# Exercise aim
How many lines of the listing below hold the word "ends"? Answer with the number alone.

[[ Dataset excerpts, beginning ]]

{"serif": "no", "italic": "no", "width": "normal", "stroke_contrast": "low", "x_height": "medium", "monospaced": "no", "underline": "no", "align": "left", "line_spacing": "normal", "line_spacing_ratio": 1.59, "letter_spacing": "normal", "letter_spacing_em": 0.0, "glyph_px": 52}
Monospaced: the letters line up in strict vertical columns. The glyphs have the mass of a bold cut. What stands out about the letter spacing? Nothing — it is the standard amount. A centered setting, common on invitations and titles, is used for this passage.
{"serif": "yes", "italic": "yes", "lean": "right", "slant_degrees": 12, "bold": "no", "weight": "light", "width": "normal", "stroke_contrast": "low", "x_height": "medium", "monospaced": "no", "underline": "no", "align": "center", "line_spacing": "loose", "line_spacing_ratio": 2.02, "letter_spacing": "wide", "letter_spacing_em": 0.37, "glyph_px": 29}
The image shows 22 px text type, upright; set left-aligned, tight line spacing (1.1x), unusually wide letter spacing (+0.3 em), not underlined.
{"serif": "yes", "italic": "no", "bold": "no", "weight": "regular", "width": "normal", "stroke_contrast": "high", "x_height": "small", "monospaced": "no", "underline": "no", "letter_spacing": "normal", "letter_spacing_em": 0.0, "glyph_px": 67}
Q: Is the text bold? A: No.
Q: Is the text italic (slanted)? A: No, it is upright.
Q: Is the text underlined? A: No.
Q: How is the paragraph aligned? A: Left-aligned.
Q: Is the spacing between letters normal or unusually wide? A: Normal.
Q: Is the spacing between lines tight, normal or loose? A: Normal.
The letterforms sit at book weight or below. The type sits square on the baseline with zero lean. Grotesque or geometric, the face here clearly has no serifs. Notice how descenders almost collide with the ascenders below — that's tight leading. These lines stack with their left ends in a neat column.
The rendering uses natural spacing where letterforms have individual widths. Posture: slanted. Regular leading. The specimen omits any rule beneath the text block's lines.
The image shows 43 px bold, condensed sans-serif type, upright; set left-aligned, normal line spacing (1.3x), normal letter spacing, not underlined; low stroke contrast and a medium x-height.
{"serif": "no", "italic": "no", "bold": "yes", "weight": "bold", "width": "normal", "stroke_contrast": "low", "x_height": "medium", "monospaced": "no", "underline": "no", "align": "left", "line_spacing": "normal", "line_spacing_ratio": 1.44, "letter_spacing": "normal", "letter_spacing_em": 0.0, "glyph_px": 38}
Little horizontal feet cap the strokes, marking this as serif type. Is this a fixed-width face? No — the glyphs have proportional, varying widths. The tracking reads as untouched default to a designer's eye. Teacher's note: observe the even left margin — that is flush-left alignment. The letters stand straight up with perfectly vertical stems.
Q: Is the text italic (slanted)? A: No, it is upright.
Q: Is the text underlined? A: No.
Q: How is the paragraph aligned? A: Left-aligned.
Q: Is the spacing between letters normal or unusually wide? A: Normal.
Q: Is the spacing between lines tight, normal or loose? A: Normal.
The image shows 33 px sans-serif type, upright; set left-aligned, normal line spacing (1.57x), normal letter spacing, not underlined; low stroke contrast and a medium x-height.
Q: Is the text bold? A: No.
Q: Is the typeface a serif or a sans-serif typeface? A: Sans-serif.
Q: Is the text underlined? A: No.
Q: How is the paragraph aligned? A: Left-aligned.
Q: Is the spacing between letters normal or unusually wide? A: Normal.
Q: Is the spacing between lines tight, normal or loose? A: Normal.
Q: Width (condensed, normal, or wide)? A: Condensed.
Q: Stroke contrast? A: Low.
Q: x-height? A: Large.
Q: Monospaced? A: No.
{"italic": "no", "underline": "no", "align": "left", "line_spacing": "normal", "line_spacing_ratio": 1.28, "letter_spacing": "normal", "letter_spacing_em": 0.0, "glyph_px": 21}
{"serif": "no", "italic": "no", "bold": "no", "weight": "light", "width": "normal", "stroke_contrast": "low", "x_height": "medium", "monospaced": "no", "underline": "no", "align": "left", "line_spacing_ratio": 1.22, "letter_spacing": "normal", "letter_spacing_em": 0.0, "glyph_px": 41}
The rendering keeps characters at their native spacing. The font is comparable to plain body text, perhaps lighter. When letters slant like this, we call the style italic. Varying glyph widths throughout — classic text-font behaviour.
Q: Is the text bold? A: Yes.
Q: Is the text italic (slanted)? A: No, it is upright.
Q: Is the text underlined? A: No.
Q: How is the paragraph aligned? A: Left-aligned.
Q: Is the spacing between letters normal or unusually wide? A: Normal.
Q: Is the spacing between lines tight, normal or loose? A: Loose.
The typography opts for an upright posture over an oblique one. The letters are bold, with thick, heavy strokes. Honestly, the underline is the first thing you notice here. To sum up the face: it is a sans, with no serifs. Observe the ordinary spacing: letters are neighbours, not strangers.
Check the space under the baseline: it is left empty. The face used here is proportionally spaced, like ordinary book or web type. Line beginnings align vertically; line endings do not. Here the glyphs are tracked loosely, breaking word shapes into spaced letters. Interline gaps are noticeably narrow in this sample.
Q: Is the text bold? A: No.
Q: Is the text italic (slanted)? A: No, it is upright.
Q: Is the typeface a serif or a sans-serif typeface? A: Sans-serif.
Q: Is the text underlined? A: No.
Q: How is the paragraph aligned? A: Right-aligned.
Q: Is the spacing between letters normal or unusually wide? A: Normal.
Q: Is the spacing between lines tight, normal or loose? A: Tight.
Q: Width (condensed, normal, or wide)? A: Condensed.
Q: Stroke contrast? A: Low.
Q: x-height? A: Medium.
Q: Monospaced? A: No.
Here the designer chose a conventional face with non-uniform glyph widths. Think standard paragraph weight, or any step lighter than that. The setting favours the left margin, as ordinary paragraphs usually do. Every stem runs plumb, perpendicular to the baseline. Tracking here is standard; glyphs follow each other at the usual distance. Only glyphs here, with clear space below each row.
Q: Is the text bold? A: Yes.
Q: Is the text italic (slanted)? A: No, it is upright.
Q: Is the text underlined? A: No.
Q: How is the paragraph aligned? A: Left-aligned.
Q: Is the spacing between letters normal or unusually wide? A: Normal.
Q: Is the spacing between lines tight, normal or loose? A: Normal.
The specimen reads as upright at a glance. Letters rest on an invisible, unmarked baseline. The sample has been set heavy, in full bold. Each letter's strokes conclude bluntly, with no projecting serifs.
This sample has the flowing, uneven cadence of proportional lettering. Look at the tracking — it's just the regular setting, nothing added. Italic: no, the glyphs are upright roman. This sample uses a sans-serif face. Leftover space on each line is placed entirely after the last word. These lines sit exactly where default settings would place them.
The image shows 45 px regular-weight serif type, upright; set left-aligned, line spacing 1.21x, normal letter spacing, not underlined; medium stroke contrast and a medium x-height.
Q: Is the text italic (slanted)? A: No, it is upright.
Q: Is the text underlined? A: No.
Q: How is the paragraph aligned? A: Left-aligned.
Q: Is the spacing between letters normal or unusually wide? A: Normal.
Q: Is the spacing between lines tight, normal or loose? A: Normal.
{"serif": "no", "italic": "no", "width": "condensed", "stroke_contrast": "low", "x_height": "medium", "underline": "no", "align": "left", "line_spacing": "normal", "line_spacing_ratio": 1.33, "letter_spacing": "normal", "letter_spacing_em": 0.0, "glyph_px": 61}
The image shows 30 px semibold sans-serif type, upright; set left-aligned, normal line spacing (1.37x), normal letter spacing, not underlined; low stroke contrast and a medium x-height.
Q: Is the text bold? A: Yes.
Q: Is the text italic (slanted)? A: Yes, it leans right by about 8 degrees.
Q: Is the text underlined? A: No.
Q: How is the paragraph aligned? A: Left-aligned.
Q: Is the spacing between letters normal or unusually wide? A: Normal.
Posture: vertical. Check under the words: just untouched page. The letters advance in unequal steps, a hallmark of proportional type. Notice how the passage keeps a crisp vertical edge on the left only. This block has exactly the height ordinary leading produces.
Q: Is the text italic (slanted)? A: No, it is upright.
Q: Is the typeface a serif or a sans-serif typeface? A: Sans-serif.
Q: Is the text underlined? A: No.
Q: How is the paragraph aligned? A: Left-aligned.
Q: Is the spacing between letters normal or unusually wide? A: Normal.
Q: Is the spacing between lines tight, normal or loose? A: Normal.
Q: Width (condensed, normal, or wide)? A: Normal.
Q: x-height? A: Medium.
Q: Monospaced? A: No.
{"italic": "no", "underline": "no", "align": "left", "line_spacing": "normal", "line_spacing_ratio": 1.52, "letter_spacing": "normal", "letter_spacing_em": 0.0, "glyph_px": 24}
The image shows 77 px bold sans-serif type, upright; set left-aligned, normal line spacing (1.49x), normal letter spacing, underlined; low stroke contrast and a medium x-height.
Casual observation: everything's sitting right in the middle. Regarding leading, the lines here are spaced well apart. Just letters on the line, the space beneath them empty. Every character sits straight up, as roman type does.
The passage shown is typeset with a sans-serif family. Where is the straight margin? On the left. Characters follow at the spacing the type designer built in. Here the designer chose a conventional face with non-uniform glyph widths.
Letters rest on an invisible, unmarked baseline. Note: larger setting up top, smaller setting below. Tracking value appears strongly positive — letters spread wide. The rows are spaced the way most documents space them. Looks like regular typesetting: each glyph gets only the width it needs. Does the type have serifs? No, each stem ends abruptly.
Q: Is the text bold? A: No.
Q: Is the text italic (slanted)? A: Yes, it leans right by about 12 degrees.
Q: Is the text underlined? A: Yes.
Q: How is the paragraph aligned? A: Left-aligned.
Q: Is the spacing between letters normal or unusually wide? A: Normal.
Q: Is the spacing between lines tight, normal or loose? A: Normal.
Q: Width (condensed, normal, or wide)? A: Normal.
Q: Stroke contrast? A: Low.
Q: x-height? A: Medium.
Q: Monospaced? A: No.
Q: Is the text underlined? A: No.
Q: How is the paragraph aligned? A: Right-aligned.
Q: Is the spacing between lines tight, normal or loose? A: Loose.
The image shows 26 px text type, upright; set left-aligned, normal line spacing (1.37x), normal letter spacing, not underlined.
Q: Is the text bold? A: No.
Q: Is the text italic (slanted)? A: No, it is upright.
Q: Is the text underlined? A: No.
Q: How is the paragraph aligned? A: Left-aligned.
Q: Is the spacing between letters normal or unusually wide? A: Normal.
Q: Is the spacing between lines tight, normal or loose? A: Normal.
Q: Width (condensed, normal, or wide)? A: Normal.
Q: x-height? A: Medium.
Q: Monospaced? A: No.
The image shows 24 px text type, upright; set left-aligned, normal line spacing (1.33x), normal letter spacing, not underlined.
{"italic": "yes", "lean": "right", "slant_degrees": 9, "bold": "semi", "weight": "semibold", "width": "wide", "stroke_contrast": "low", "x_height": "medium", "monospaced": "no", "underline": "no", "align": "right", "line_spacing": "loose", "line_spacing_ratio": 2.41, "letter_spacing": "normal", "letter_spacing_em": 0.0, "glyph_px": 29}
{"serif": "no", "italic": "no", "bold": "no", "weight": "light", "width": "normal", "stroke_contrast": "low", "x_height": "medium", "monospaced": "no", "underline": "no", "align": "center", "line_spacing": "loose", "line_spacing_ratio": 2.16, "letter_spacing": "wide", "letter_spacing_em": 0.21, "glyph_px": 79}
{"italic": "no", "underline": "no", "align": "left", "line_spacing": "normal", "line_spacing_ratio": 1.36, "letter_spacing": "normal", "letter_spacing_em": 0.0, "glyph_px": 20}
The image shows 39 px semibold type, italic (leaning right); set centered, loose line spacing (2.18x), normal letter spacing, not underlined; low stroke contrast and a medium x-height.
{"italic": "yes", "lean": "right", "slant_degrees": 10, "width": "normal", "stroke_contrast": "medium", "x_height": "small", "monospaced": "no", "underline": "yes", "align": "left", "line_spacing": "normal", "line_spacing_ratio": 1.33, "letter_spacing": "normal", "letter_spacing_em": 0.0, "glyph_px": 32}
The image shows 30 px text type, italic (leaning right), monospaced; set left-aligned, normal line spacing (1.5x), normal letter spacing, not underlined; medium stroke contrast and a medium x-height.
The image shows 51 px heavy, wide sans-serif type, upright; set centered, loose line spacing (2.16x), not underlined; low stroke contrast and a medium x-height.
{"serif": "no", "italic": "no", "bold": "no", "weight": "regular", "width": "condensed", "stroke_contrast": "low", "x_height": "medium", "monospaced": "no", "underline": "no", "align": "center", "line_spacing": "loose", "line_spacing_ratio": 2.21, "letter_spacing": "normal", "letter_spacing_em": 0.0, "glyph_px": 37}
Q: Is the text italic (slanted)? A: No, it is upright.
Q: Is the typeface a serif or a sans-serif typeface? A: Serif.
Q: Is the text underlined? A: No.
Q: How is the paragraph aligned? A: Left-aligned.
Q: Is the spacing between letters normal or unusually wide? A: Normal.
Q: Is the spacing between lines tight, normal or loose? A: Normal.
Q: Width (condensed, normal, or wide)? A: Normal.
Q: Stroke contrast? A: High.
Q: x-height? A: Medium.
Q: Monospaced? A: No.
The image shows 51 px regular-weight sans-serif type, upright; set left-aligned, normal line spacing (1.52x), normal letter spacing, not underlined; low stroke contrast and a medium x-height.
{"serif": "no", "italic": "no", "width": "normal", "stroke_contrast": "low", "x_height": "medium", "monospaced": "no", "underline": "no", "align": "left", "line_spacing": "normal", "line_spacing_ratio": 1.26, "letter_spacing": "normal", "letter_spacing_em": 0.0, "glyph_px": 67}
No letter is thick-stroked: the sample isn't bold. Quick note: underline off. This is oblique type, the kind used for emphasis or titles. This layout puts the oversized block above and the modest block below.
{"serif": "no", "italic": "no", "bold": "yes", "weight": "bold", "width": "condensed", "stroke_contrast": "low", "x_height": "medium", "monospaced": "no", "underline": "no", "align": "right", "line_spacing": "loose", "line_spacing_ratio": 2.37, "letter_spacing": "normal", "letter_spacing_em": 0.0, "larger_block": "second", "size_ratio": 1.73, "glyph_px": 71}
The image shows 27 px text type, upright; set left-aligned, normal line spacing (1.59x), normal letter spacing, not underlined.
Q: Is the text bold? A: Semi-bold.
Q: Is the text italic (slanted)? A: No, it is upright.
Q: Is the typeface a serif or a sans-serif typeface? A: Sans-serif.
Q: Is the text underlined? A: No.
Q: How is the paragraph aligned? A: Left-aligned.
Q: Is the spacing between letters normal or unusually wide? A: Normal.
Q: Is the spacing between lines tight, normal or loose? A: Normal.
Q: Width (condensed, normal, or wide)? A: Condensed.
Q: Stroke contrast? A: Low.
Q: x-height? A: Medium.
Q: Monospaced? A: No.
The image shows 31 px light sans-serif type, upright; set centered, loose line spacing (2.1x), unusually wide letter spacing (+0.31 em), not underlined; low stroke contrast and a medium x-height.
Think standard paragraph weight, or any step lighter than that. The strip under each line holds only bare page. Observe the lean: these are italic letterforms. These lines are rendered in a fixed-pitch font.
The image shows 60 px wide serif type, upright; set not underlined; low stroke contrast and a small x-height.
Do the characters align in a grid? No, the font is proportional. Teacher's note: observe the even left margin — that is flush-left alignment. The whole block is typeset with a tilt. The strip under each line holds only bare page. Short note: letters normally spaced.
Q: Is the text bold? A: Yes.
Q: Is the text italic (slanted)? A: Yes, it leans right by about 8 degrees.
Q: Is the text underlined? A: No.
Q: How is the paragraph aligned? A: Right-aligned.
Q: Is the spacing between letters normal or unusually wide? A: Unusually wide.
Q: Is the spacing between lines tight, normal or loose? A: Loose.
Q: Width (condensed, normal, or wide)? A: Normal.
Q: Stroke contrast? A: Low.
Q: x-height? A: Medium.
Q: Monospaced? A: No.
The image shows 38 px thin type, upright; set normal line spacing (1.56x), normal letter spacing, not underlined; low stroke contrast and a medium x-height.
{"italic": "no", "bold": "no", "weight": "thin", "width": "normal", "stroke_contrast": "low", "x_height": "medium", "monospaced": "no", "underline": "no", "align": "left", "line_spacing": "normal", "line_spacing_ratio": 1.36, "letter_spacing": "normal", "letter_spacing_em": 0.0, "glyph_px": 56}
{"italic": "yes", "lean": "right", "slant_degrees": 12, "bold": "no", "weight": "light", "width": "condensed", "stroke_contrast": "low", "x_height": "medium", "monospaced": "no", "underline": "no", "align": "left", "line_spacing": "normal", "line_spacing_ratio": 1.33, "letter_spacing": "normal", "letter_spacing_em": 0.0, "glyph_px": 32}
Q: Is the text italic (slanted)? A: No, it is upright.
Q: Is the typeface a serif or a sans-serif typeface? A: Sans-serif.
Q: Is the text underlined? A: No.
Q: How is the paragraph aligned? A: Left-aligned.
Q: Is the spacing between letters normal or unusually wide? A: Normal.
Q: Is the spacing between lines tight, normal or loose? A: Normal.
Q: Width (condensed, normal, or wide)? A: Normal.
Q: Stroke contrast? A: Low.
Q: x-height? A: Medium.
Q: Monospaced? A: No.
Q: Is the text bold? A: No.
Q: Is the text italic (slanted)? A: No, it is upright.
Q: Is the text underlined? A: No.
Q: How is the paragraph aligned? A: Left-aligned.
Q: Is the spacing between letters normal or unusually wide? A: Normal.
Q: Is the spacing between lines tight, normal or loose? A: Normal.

[[ Dataset excerpts, end ]]

# Exercise output
2